Saturday, February 12, 2011

Spiritual Hiccups - All Creatures Great and Small

There is a popular form of Christianity, one well known in the media, that has little use for the earth, its creatures, the environment, and so on.  This Christianity is so focused on the disposition of "souls" that it deems everything else superfluous.  Why care for the earth when it's just going to end some day soon?

This sort of arrogance deservedly gives the faith a bad name, and it clearly misses the wonder and awe the Bible has for Creation and its creatures.  In today's Psalm 104, God's glory is manifest in "your creatures... These all look to you to give them their food in due season."  Lions roar, asking God for food, and God tends to them.

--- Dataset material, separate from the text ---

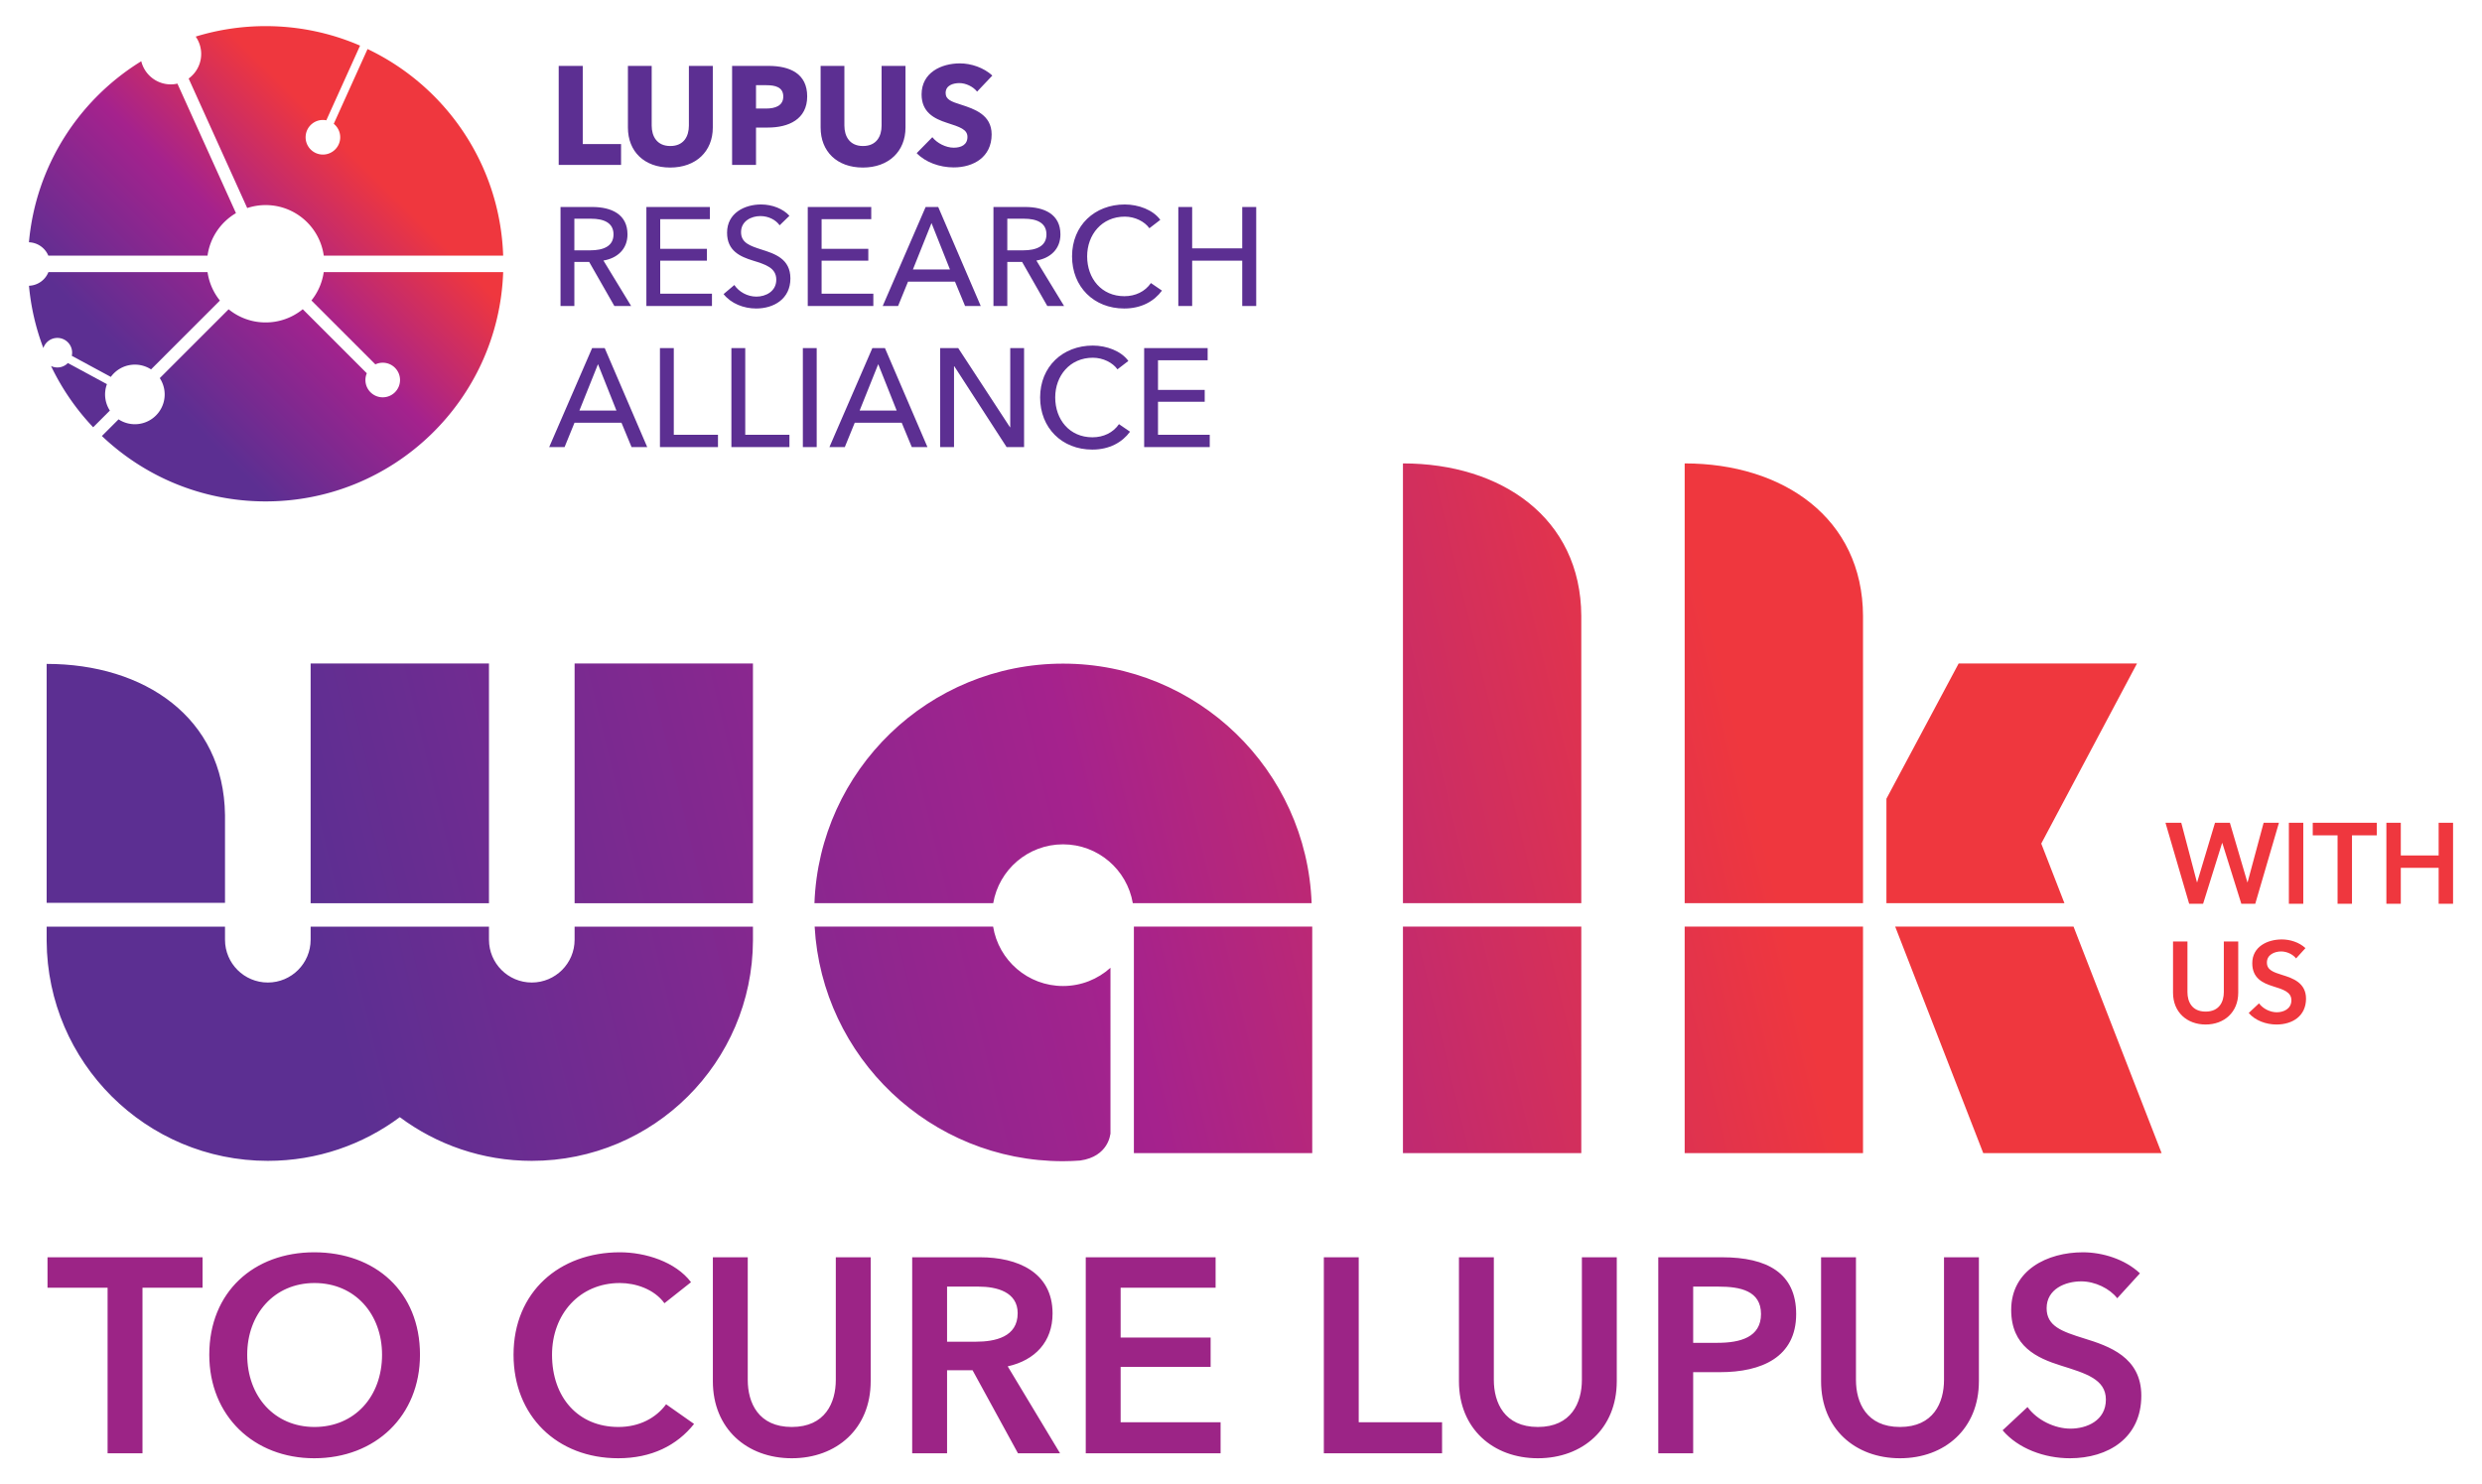 <?xml version="1.0" encoding="UTF-8"?> <svg xmlns="http://www.w3.org/2000/svg" xmlns:xlink="http://www.w3.org/1999/xlink" id="type" version="1.1" viewBox="0 0 1550 927"><defs><linearGradient id="linear-gradient" x1="51.491" x2="258.243" y1="257.99" y2="51.239" gradientUnits="userSpaceOnUse"><stop offset=".15" stop-color="#5c2f92"></stop><stop offset=".5" stop-color="#a5228d"></stop><stop offset=".8" stop-color="#ef373e"></stop></linearGradient><linearGradient xlink:href="#linear-gradient" id="linear-gradient1" x1="-.747" x2="206.005" y1="205.752" y2="-1"></linearGradient><linearGradient xlink:href="#linear-gradient" id="linear-gradient2" x1="43.137" x2="249.889" y1="249.636" y2="42.884"></linearGradient><linearGradient xlink:href="#linear-gradient" id="linear-gradient3" x1="27.158" x2="233.91" y1="233.657" y2="26.905"></linearGradient><linearGradient xlink:href="#linear-gradient" id="linear-gradient4" x1="115.876" x2="322.628" y1="322.375" y2="115.623"></linearGradient><linearGradient xlink:href="#linear-gradient" id="linear-gradient5" x1="21.266" x2="1356.458" y1="729.453" y2="405.77"></linearGradient><style>.st2{fill:#ef373e}.st3{fill:#5c2f92}.st7{fill:#9c2486}</style></defs><path d="M348.906 102.99V41.161h15.02v48.817h23.929v13.012h-38.95ZM418.508 104.648c-16.243 0-26.375-10.13-26.375-24.976V41.16h14.846v37.29c0 6.637 3.231 12.75 11.615 12.75 8.472 0 11.615-6.113 11.615-12.75V41.16h14.933v38.512c0 14.846-10.48 24.976-26.636 24.976ZM479.549 79.672h-7.423v23.317h-14.933V41.16H479.9c13.537 0 24.19 4.891 24.19 19.038 0 14.322-11.615 19.475-24.541 19.475Zm-.872-26.46h-6.551v14.584h6.288c5.589 0 10.743-1.66 10.743-7.511 0-5.938-5.154-7.073-10.48-7.073ZM538.847 104.648c-16.243 0-26.375-10.13-26.375-24.976V41.16h14.846v37.29c0 6.637 3.231 12.75 11.615 12.75 8.472 0 11.615-6.113 11.615-12.75V41.16h14.933v38.512c0 14.846-10.48 24.976-26.636 24.976ZM610.194 57.229c-2.532-3.232-7.162-5.328-11.004-5.328s-8.646 1.311-8.646 6.2c0 4.105 3.668 5.415 9.52 7.249 8.383 2.707 19.211 6.288 19.211 18.601 0 14.235-11.439 20.61-23.666 20.61-8.82 0-17.727-3.231-23.142-8.908l9.781-9.956c2.97 3.755 8.472 6.55 13.361 6.55 4.542 0 8.559-1.746 8.559-6.724 0-4.716-4.715-6.2-12.838-8.821-7.859-2.532-15.806-6.55-15.806-17.728 0-13.711 12.401-19.387 23.929-19.387 6.986 0 14.844 2.62 20.259 7.597l-9.518 10.044ZM358.688 191.115h-8.646v-61.83h19.824c11.964 0 22.006 4.542 22.006 17.117 0 9.083-6.2 14.846-15.02 16.33l17.292 28.383h-10.48l-15.719-27.508h-9.257v27.508Zm0-34.758h9.956c8.122 0 14.496-2.532 14.496-9.956s-6.375-9.781-13.885-9.781h-10.567v19.737ZM412.308 183.43h32.312v7.684h-40.958v-61.83h39.648v7.599h-31.002v18.512h29.168v7.423h-29.168v20.611ZM486.887 140.726c-2.445-3.407-6.901-5.763-12.053-5.763-5.589 0-12.051 3.055-12.051 10.043 0 6.725 5.676 8.559 12.662 10.828 8.298 2.62 18.164 5.763 18.164 18.077 0 12.838-10.391 18.777-21.395 18.777-7.773 0-15.632-3.057-20.348-8.996l6.725-5.676c2.883 4.279 8.122 7.249 13.798 7.249 5.765 0 12.401-3.233 12.401-10.567 0-7.512-6.812-9.52-14.67-11.966-7.86-2.445-16.069-6.024-16.069-17.379 0-12.314 11.002-17.64 21.221-17.64 7.16 0 13.885 2.794 17.727 7.073l-6.112 5.939ZM513.088 183.43H545.4v7.684h-40.958v-61.83h39.648v7.599h-31.002v18.512h29.168v7.423h-29.168v20.611ZM560.852 191.115h-9.605l26.81-61.83h7.86l26.547 61.83h-9.78l-6.289-15.195h-29.342l-6.2 15.195Zm9.257-22.794h23.142l-11.527-28.992-11.615 28.992ZM629.055 191.115h-8.646v-61.83h19.824c11.964 0 22.006 4.542 22.006 17.117 0 9.083-6.2 14.846-15.02 16.33l17.292 28.383h-10.48l-15.719-27.508h-9.257v27.508Zm0-34.758h9.956c8.122 0 14.496-2.532 14.496-9.956s-6.375-9.781-13.885-9.781h-10.567v19.737ZM725.645 181.509c-4.802 6.549-12.749 11.178-23.579 11.178-18.95 0-32.573-13.537-32.573-32.575 0-19.3 14.148-32.399 32.923-32.399 8.472 0 17.64 3.318 22.182 9.605l-6.812 5.241c-2.97-4.192-8.996-7.249-15.371-7.249-14.322 0-23.492 11.265-23.492 24.802 0 13.885 8.996 24.889 23.231 24.889 6.899 0 12.923-2.881 16.591-8.209l6.899 4.717ZM735.858 129.284h8.646v25.85h31.264v-25.85h8.733v61.83h-8.733v-28.296h-31.264v28.296h-8.646v-61.83ZM352.574 279.242h-9.605l26.81-61.83h7.86l26.547 61.83h-9.78l-6.289-15.195h-29.342l-6.2 15.195Zm9.257-22.794h23.142l-11.527-28.992-11.615 28.992ZM420.779 271.557h27.595v7.684h-36.241v-61.83h8.646v54.146ZM465.401 271.557h27.595v7.684h-36.241v-61.83h8.646v54.146ZM510.026 279.242h-8.646v-61.83h8.646v61.83ZM527.578 279.242h-9.605l26.81-61.83h7.86l26.547 61.83h-9.78l-6.289-15.195h-29.342l-6.2 15.195Zm9.258-22.794h23.142l-11.527-28.992-11.615 28.992ZM630.715 266.841h.176v-49.429h8.644v61.83H628.62l-32.662-50.476h-.174v50.476h-8.646v-61.83h11.265l32.312 49.429ZM705.703 269.636c-4.802 6.549-12.749 11.178-23.579 11.178-18.95 0-32.573-13.537-32.573-32.575 0-19.3 14.148-32.399 32.923-32.399 8.472 0 17.64 3.318 22.182 9.605l-6.812 5.241c-2.97-4.192-8.996-7.249-15.371-7.249-14.322 0-23.492 11.265-23.492 24.802 0 13.885 8.996 24.889 23.231 24.889 6.899 0 12.923-2.881 16.591-8.209l6.899 4.717ZM723.169 271.557h32.312v7.684h-40.958v-61.83h39.648v7.599h-31.002v18.512h29.168v7.423h-29.168v20.611Z" class="st3"></path><path d="M125.578 32.151c.561 6.847-2.595 13.126-7.767 16.898l36.575 80.896a36.57 36.57 0 0 1 11.707-1.853c18.454.101 33.641 13.824 36.098 31.585h112.036c-1.909-56.983-35.966-105.892-84.69-129.053l-21.104 46.701c2.773 2.238 4.387 5.791 3.966 9.595-.656 5.931-5.996 10.206-11.927 9.55-5.931-.656-10.206-5.996-9.55-11.927.656-5.931 5.996-10.206 11.927-9.55.315.035.623.09.929.151l21.082-46.651c-17.835-7.728-37.488-12.064-58.154-12.177-15.487-.085-30.431 2.209-44.491 6.532a18.885 18.885 0 0 1 3.363 9.304Z" style="fill:url(#linear-gradient)"></path><path d="M30.176 159.676h99.422c1.569-11.337 8.311-21.003 17.763-26.555l-36.576-80.897c-.845.188-1.704.341-2.591.414-9.429.773-17.792-5.487-19.978-14.39-38.837 23.9-65.853 65.186-70.146 113.081a13.607 13.607 0 0 1 12.107 8.347Z" style="fill:url(#linear-gradient1)"></path><path d="M65.752 248.52a18.5 18.5 0 0 1 1.029-8.58l-24.385-13.179a9.184 9.184 0 0 1-10.523 1.857 148.764 148.764 0 0 0 26.312 38.252l10.432-10.432a18.498 18.498 0 0 1-2.864-7.918Z" style="fill:url(#linear-gradient2)"></path><path d="M82.065 227.875a18.53 18.53 0 0 1 12.263 2.852l43.009-43.009a36.485 36.485 0 0 1-7.727-17.762H30.24a13.592 13.592 0 0 1-12.147 8.527 147.561 147.561 0 0 0 8.982 38.901c1.096-3.292 4.002-5.828 7.675-6.259 5.061-.593 9.646 3.029 10.239 8.09a9.206 9.206 0 0 1-.152 3.024l24.372 13.172c2.948-4.045 7.493-6.907 12.856-7.536Z" style="fill:url(#linear-gradient3)"></path><path d="M202.167 169.955a36.472 36.472 0 0 1-7.678 17.703l39.931 39.931a10.744 10.744 0 0 1 4.654-1.037c5.967.033 10.777 4.896 10.745 10.863-.033 5.967-4.896 10.777-10.863 10.745-5.967-.033-10.777-4.896-10.745-10.863.008-1.476.314-2.88.856-4.159l-39.999-39.999a36.503 36.503 0 0 1-23.377 8.257 36.492 36.492 0 0 1-22.915-8.216l-42.992 42.992a18.502 18.502 0 0 1 2.926 8.016c1.196 10.206-6.107 19.449-16.313 20.645a18.524 18.524 0 0 1-12.356-2.918l-10.407 10.407c26.425 25.128 62.102 40.636 101.444 40.852 80.503.441 146.383-63.291 149.148-143.218h-112.06Z" style="fill:url(#linear-gradient4)"></path><path d="M29.136 563.893V414.668c61.04 0 110.629 33.517 111.379 94.379v54.846H29.136Zm441.08.284v-149.76H358.838v149.76h111.378Zm-164.851 0v-149.76H193.987v149.76h111.378Zm53.473 14.621v8.151c0 14.763-11.967 26.73-26.73 26.73s-26.742-11.967-26.742-26.73v-8.151H193.988v8.151c0 14.763-11.967 26.73-26.73 26.73s-26.741-11.957-26.741-26.72v-.01l-.001-8.151H29.136v8.95c.432 75.91 62.104 137.317 138.115 137.317 30.895 0 59.418-10.149 82.425-27.289 23.008 17.14 51.53 27.289 82.425 27.289 76.093 0 137.814-61.537 138.115-137.559v-8.707H358.838Zm517.299-14.674v-274.68c61.323 0 111.081 33.969 111.379 95.223v179.457H876.137Zm0 14.622v141.487h111.379V578.746H876.137Zm301.935-14.622v-65.243l45.096-84.464h111.379l-59.787 112.48 14.472 37.228h-111.16Zm-14.623 0V384.808c-.222-61.318-50.008-95.364-111.379-95.364v274.68h111.379Zm20.089 14.622 54.999 141.487h111.379l-55-141.487h-111.377Zm-131.467 0v141.487h111.379V578.746h-111.379ZM674.562 724.865c17.772-2.493 18.824-16.568 18.824-16.568l.1.193V604.468c-7.843 7.075-18.229 11.385-29.624 11.385-22.006 0-40.251-16.067-43.665-37.108H508.739c4.592 81.698 72.277 146.537 155.124 146.537 3.601 0 7.16-.17 10.698-.417Zm33.545-146.119v141.492h111.379V578.746H708.107ZM663.864 414.5c-83.886 0-152.207 66.48-155.246 149.624H620.26c3.558-20.87 21.719-36.761 43.603-36.761s40.012 15.896 43.573 36.761H819.11C816.071 480.981 747.751 414.5 663.865 414.5Z" style="fill:url(#linear-gradient5)"></path><path d="M1352.336 513.903h9.856l9.786 37.143h.143l11.142-37.143h9.286l10.928 37.143h.143l9.999-37.143h9.572l-14.787 50.571h-8.713l-11.858-37.927h-.143l-11.855 37.927h-8.716l-14.784-50.571ZM1429.394 513.903h8.999v50.571h-8.999v-50.571ZM1459.805 521.76h-15.5v-7.857h39.999v7.857h-15.5v42.714h-8.999V521.76ZM1490.286 513.903h9.002v20.428h23.64v-20.428h9.002v50.571h-9.002v-22.427h-23.64v22.427h-9.002v-50.571ZM1397.763 620.051c0 12.217-8.786 19.858-20.357 19.858s-20.357-7.64-20.357-19.858v-31.999h9.002v31.643c0 5.857 2.713 12.142 11.355 12.142s11.358-6.284 11.358-12.142v-31.643h8.999v31.999ZM1433.89 598.627c-1.929-2.502-5.714-4.361-9.286-4.361-4.142 0-8.929 1.999-8.929 6.927 0 4.647 3.931 6.003 9.645 7.786 6.498 1.999 14.784 4.858 14.784 14.784 0 10.861-8.5 16.146-18.428 16.146-6.571 0-13.357-2.502-17.356-7.214l6.427-6.003c2.502 3.431 7.073 5.576 11.072 5.576 4.215 0 9.143-2.075 9.143-7.5 0-5.29-5.285-6.787-11.642-8.786-6.144-1.929-12.787-4.928-12.787-14.357 0-10.288 9.359-14.859 18.501-14.859 5.071 0 10.856 1.789 14.714 5.43l-5.857 6.43Z" class="st2"></path><path d="M67.193 804.309H29.671v-19.02h96.83v19.02H88.979v103.4H67.192v-103.4ZM196.227 782.177c38.213 0 66.052 24.726 66.052 63.977 0 38.213-27.839 64.668-66.052 64.668-37.694 0-65.533-26.455-65.533-64.668 0-39.251 27.839-63.977 65.533-63.977Zm.173 109.106c25.072 0 42.19-19.02 42.19-45.13 0-25.245-16.772-44.784-42.19-44.784-25.245 0-42.017 19.539-42.017 44.784 0 26.109 17.118 45.13 42.017 45.13ZM414.943 813.992c-6.398-8.818-17.983-12.622-27.839-12.622-25.245 0-42.363 19.539-42.363 44.784 0 26.628 16.254 45.13 41.498 45.13 13.141 0 23.516-5.706 29.741-14.179l17.464 12.277c-10.72 13.487-26.628 21.441-47.377 21.441-38.213 0-65.36-26.455-65.36-64.668 0-39.251 28.703-63.977 66.398-63.977 15.908 0 34.755 5.879 44.438 18.674l-16.599 13.141ZM543.734 862.753c0 29.568-21.268 48.069-49.279 48.069s-49.279-18.501-49.279-48.069v-77.464h21.787v76.599c0 14.179 6.571 29.395 27.493 29.395s27.493-15.216 27.493-29.395v-76.599h21.787v77.464ZM569.66 785.289h42.536c22.997 0 45.13 9.164 45.13 35.101 0 17.637-10.893 29.222-28.011 33.026l32.68 54.294h-26.282l-28.357-51.873h-15.908v51.873h-21.787V785.289Zm39.596 52.738c12.277 0 26.282-2.939 26.282-17.81 0-13.314-13.141-16.599-24.38-16.599h-19.712v34.409h17.81ZM678.047 785.289h81.095v19.02h-59.308v31.124h56.196v18.328h-56.196v34.582h62.421v19.366h-84.207V785.288ZM826.734 785.289h21.787v103.055h52.046v19.366h-73.833V785.289ZM1009.665 862.753c0 29.568-21.268 48.069-49.279 48.069s-49.279-18.501-49.279-48.069v-77.464h21.787v76.599c0 14.179 6.571 29.395 27.493 29.395s27.493-15.216 27.493-29.395v-76.599h21.787v77.464ZM1035.591 785.289h39.942c28.011 0 46.167 9.856 46.167 35.447 0 26.974-21.614 36.311-47.55 36.311h-16.772v50.663h-21.787V785.289Zm37.003 53.429c14.179 0 27.147-3.458 27.147-17.983s-12.968-17.118-26.455-17.118h-15.908v35.101h15.216ZM1235.81 862.753c0 29.568-21.268 48.069-49.279 48.069s-49.279-18.501-49.279-48.069v-77.464h21.787v76.599c0 14.179 6.571 29.395 27.493 29.395s27.493-15.216 27.493-29.395v-76.599h21.787v77.464ZM1322.201 810.88c-4.669-6.052-13.833-10.548-22.478-10.548-10.029 0-21.614 4.841-21.614 16.772 0 11.239 9.51 14.524 23.343 18.847 15.735 4.841 35.792 11.758 35.792 35.792 0 26.282-20.576 39.078-44.611 39.078-15.908 0-32.334-6.052-42.017-17.464l15.562-14.524c6.052 8.3 17.118 13.487 26.801 13.487 10.202 0 22.133-5.014 22.133-18.156 0-12.795-12.795-16.426-28.184-21.268-14.87-4.669-30.951-11.931-30.951-34.755 0-24.899 22.651-35.965 44.784-35.965 12.277 0 26.282 4.323 35.62 13.141l-14.179 15.562Z" class="st7"></path></svg>

Faith that presumes God is only concerned with me and those like me, strikes me as terribly arrogant, egocentric, and utilitarian.  It demands that God be focused on me, and that my needs are the business God should be concerned with.  Such faith cannot see far beyond itself.  It cannot deny itself as Jesus demands.  It cannot lose its life for the sake of the gospel.  Neither can it truly join with the psalmist in being awed by God's creation.  Creation matters only insomuch as it is of use to me.

Albert Einstein once said, "The most beautiful thing we can experience is the mysterious. It is the source of all true art and science. He to whom this emotion is a stranger, who can no longer pause to wonder and stand rapt in awe, is as good as dead: his eyes are closed."  And I think that someone who has never looked at Creation and its creatures and found themselves feeling, "This is too wonderful; it must be preserved," knows the death of which Einstein speaks.


But this loss of awe and mystery has ramifications far beyond issues such as the environment.  Egocentric faith easily views other people as having less worth than me.  During the recent protests in Egypt, which have brought hope of freedom and new life to people in that country, many self professed Christians in America have viewed these events solely with reference to how it impacts our security or the "war on terror."  The Egyptians themselves seem not to matter.  And indeed, American foreign policy, regardless of the party in charge, is usually pragmatic and utilitarian, reflecting the same sort of arrogant, egocentrism that too often perverts Christian faith.


I could easily work myself into deep pessimism about the state of things, except that God is at work, reaching out in love despite our failing to see very far beyond our own interests.  Jesus continues to call people to follow him, to find their lives transformed and reshaped by the example of his life.  And even now, I see American Christianity being renewed and reborn into something a little less utilitarian, a little less arrogant and egocentric, as here and there, signs of God's coming reign continue to show forth.